Test n = new Test();
n.a = 10;
Tester.d.Add(n.a, n);
Tester.GetTest(10, out Test t1);
Debug.Log(t1.a);
t1.a = 20;
Tester.GetTest(10, out Test t2);
Debug.Log(t2.a);
Keeps showing 10. So when I use the out
parameter it makes a copy of the struct in the dict and returns that? So I need to write an additional line to update the dictionary again right?

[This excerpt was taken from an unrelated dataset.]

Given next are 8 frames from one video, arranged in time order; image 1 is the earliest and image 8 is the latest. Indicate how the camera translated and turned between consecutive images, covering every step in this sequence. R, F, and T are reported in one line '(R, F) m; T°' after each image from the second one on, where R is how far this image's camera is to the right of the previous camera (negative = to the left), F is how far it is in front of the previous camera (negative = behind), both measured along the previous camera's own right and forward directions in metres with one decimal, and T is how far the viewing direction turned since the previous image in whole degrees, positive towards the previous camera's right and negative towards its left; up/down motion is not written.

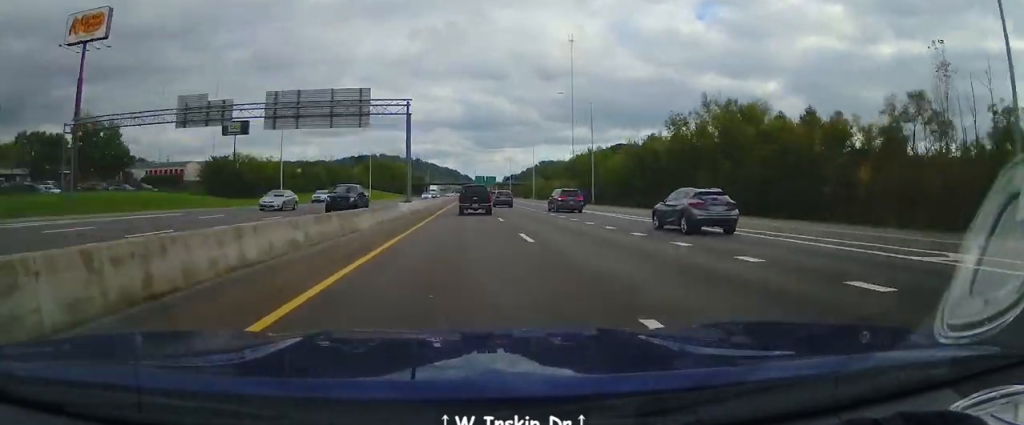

What would be a easy way of grabbing a struct and just updating its value in the dictionary without adding additional lines?
EDIT:
I could do this...
Tester.d[position].a = 20;
But is there a way to do that with a method? Where I can get the whole struct, edit a value, and it updates in the dictionary automatically? Sorry for the stupid question, i just dont understand the behaviour.
You should not do that. While it is possible to change the value inside of a struct, even if the value is nested in a dictionary (such as in your example), you should try to avoid that and consider structs read-only. If you want to update a value of a dictionary, replace the entire value with a new instance instead of manipulating its contents. Chances are big the behavior is otherwise not what you'd expect.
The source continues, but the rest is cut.